Diácono realiza casamento, mas não celebra missa. Ordenação feminina não é a meta

O Estado de S.Paulo

02 de agosto de 2016 | 10h23

Após mais de 20 anos, o papa Francisco decidiu nesta terça-feira, 2, retomar a discussão sobre a possibilidade de inclusão das mulheres na hierarquia principal da Igreja Católica. Na prática, ele estabeleceu uma comissão para estudar qual foi o papel das diaconisas e se havia uma ordenação formal delas nos primeiros anos da Igreja Católica.

Em maio, o pontífice já havia antecipado que avaliaria a criação dessa comissão, durante encontro com as participantes da 20.ª Assembleia Plenária da União Internacional das Superioras-Gerais, no Vaticano. “O que eram esses diaconatos femininos? Elas tinham ordenação ou não? Era um pouco obscuro”, afirmou. 

A comissão será presidida pelo monsenhor Luis Ladaria, arcebispo de Tibica e secretário da Congregação para a Doutrina da Fé. A nova organização será composta por 13 integrantes - seis mulheres, religiosas e professoras universitárias. Entre as participantes está a professora da Universidade La Sapienza (Roma) Francesca Cocchini e a professora de Teologia da Universidade de Viena Marianne Schlosser. Participarão ainda professores de França, Estados Unidos e Espanha.

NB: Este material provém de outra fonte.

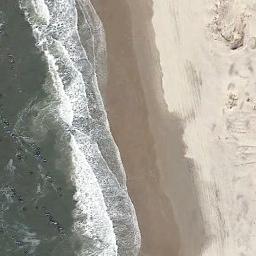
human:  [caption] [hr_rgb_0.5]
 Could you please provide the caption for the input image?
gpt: The beach is made up of dark blue seawater and the white coast .

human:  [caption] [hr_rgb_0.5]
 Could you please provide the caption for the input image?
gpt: Inky sea water and white-yellow beach .

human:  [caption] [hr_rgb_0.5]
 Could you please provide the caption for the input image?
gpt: There are people playing near the beach .

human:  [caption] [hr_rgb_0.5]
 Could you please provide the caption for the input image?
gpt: The beach with white sand and some small dirt slopes on the beach .

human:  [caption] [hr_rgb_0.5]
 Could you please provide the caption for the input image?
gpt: There are water marks on the beach .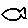
Label: fish
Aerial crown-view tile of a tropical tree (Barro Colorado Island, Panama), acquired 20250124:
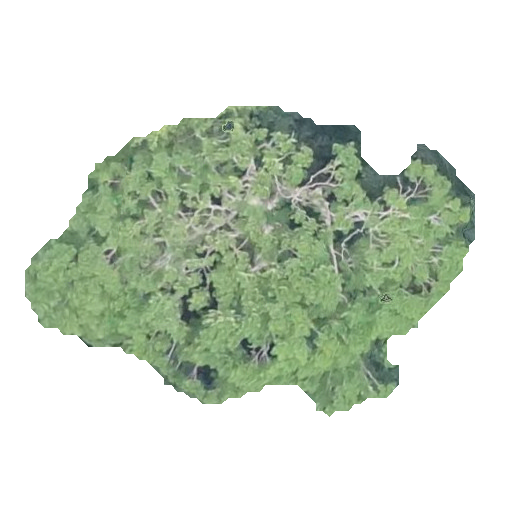
Species: Jacaranda copaia
GBIF accepted scientific name: Jacaranda copaia
Crown area: 140.006 m²
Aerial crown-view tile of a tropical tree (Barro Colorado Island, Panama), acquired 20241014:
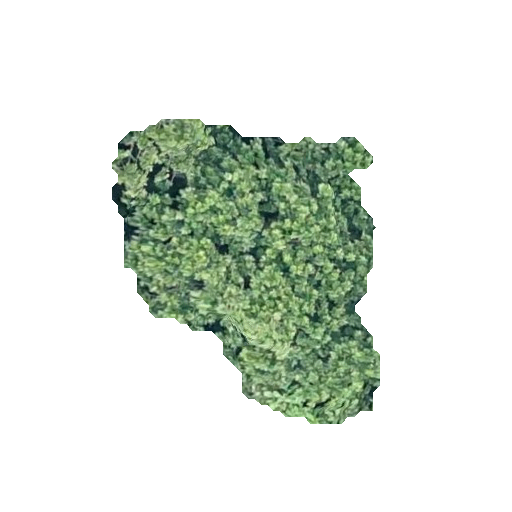
Species: Anacardium excelsum
GBIF accepted scientific name: Anacardium excelsum
Crown area: 89.525 m²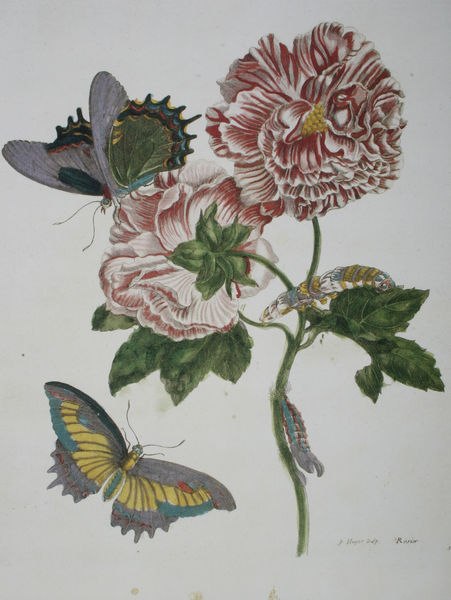
Titel: Rose mit Schmetterlingen und Raupe
Künstler: Maria Sibylla Merian
Standort: Berlin
Institution: Staatsbibliothek Preußischer Kulturbesitz
Schlagwörter: blau, blätter, dunkel, flügel, körper, schatten, weiß, aquarell, gelb, grün, sitzen, blume, blumen, bunt, grau, hell, licht, skizze, zeichnung, blüte, blüten, rose, rot, tier, tiere, muster, augen, helld, signatur, natur, stamm, auge, kelch, sitzend, blatt, pflanze, rosa, stilleben, beine, bein, schrift, papier, stab, studie, farbe, grafik, graphik, füsse, gestreift, streifen, stil, pfingstrose, stiel, arrangement, fühler, buch, gemalt, symmetrisch, stengel, seite, illustration, buchstabe, buchstaben, lauf, beschriftung, stempel, flora, insekten, schmetterling, stängel, puppe, puppen, flecken, musterung, zacken, leben, knospe, fressen, metamorphose, verwandlung, fauna, männchen, weibchen, insekt, schmetterlinge, raupen, zeit, forschung, raupe, entwicklung, blütenkelch, botanik, falter, larve, motte, motten, beschriftungen, gürn, wissenschaft, orchidee, beobachtung, biologie, naturgetreu, zoologie, dahlie, kokon, verpuppung, merian, stadien, päonie, chrysantheme, lehrbuch, blühte, seit, naturkunde, cocon, kreichen, nektar, saugen, sitzend#, 1700, steingel, #rauüe, schmeterling, pflanzenbuch, rosa mundi, verpuppen, blumenmalerei, entwicklungstadien, panachiert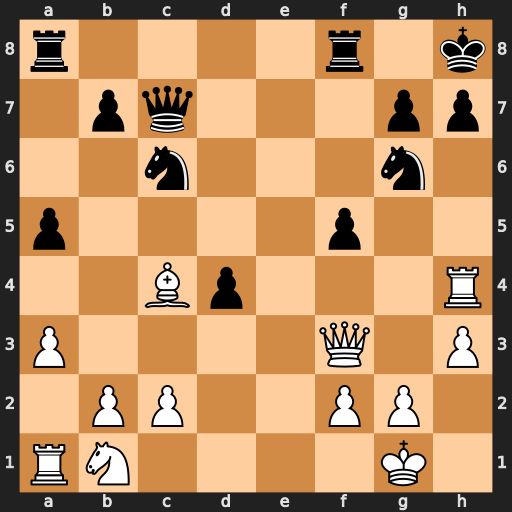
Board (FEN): r4r1k/1pq3pp/2n3n1/p4p2/2Bp3R/P4Q1P/1PP2PP1/RN4K1
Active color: w
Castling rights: -
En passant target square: -
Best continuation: Rxh7+ Kxh7 Qh5#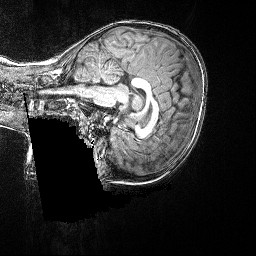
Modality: T1w
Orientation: sagittal
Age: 81
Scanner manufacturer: siemens
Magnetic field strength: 3 T
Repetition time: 2.5 s
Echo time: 0.00347 s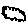
Label: cloud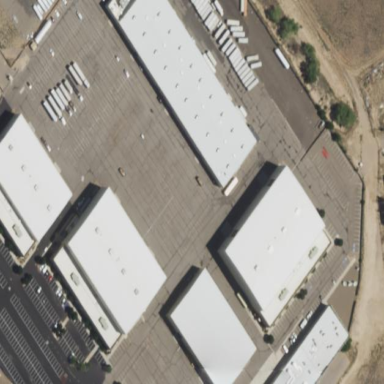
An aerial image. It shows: Industrial area.
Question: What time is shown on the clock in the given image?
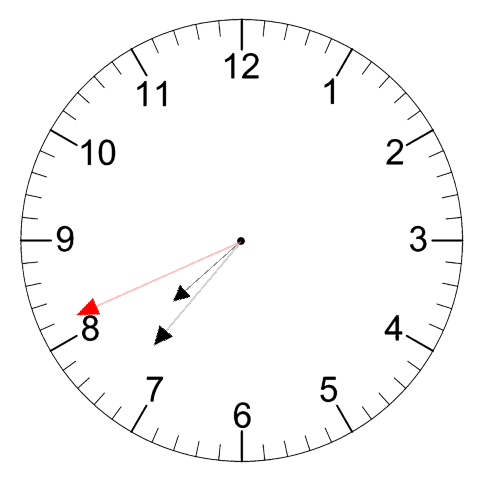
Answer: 07:36:41

O grupo terá como missão entender como funcionavam diaconatos femininos na Igreja primitiva. No voo de volta da Armênia, em 26 de junho, Francisco reconheceu que estudava a possibilidade de instituir uma comissão para analisar o papel das diaconisas, mas lembrou que isso não significa abrir as portas à ordenação feminina imediatamente - como ocorre em outras igrejas cristãs. “A mulher pensa de outra maneira em relação a nós, os homens. E não se pode tomar uma decisão boa e justa sem ouvi-las”, afirmou à época. “Às vezes, em Buenos Aires, eu falava com os meus consultores e os ouvia sobre um tema. Em seguida, chamava algumas mulheres e elas viam as coisas sob um prisma diferente e isso enriquecia tanto, tanto...”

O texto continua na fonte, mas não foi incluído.